The report looks for PDF datastreams. Using pdfinfo the number of pages is determined. If an object has more that one PDF datastream those are analyzed as well; i.e. PDF-1, PDF-2, etc. Only the most recent version of a PDF is analyzed, so if a PDF-1.0 and PDF-1.1 exists only the PDF-1.1 is analyzed.

When a PDF does not exist and mods:typeOfResource is Text the number of the most recent JPEGs is used; this assumes the page turner is being used. An example is a yearbook. Only the most recent version of the JPEG datastream is counted; so if a JPEG-1.0 and JPEG-1.1 is found that only counts a one page, not two.

Video & aduio objects with transcript PDFs are counted.

StillImages with PDFs are counted; with the thinking that even though it is a still image it might contain text that can be OCRed i.e. a billboard.

If the object doesn't have PDF's or JPEG's(and is mods:typeOfResource = Text) nothing is counted.
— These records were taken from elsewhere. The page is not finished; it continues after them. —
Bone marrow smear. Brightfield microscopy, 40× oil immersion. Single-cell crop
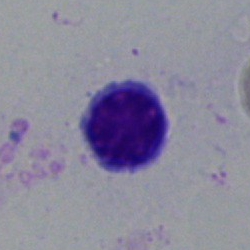
The cell type is typical lymphocyte.
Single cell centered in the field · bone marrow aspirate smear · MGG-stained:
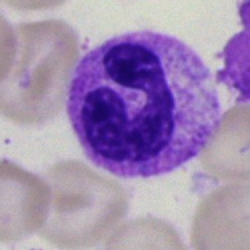 {"cell_type": "neutrophil (segmented)", "lineage": "myeloid"}
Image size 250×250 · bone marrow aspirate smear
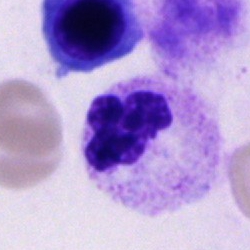
The cell shown is a segmented neutrophil.
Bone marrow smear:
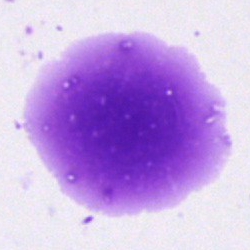Morphology consistent with an artifact.
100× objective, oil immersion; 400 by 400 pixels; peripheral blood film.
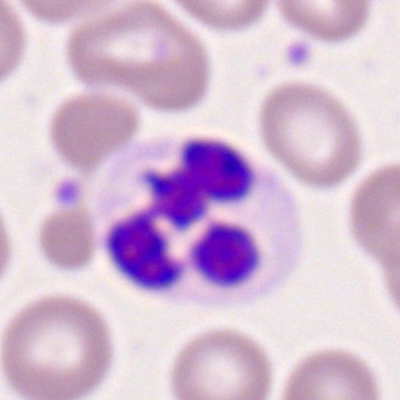Morphology consistent with a neutrophil (segmented).
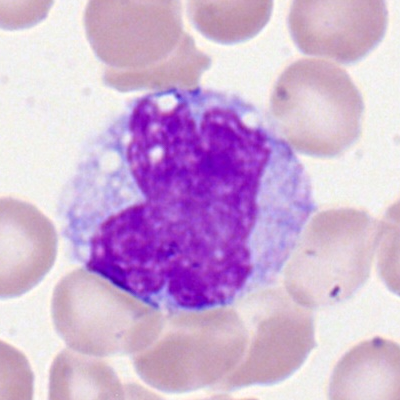 Cell = monocyte.
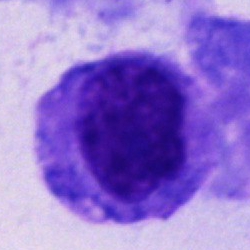Impression — other cell.
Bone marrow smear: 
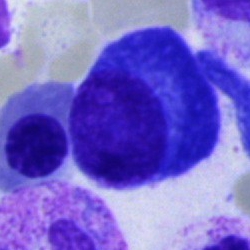
Cell — plasmacyte.
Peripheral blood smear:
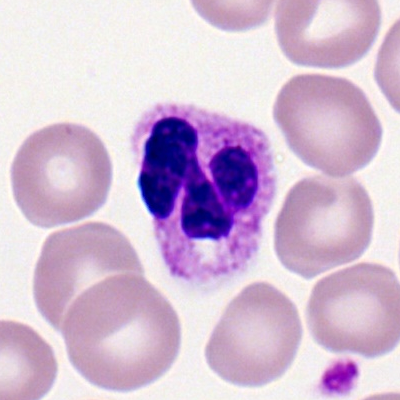

The cell shown is a segmented neutrophil.
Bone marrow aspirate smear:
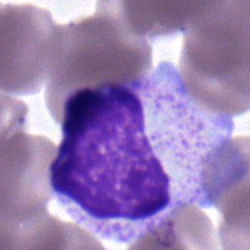
Impression → myelocyte.
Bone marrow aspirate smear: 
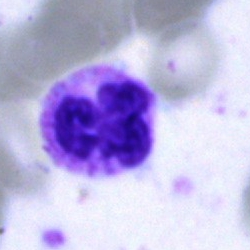

Q: What cell is this?
A: It is a polymorphonuclear neutrophil.

This leaves resources that only have DjVu datastreams from being counted.

The list of objects to analyze is determined by the Fedora database objectPaths tables.
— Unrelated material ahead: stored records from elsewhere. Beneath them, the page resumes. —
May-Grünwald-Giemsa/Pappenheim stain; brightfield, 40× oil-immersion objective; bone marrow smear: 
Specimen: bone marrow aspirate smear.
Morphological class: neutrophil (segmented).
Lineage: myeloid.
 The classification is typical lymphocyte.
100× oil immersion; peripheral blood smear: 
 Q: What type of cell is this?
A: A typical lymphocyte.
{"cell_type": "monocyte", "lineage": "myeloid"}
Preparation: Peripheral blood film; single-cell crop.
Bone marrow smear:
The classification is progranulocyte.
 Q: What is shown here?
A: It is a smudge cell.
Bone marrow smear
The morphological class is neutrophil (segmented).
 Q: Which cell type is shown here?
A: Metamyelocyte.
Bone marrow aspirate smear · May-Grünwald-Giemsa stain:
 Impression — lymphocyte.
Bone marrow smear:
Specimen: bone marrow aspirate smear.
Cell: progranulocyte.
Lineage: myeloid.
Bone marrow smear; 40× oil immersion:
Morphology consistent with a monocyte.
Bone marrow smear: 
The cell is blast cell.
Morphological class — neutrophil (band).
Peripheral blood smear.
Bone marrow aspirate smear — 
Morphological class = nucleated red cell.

This isn't a perfect representation of the number of pages but I think it will provide a sufficient accounting for our report.



On March 30th I ran a test of the script on the dev and test systems. The test system has 365,354 pages. I am attaching the report in spreadsheet form.

Run time of the script on the test system was 14 minutes for 15,285 objects.


On April 9th the script was run on staging and production. Reports attached.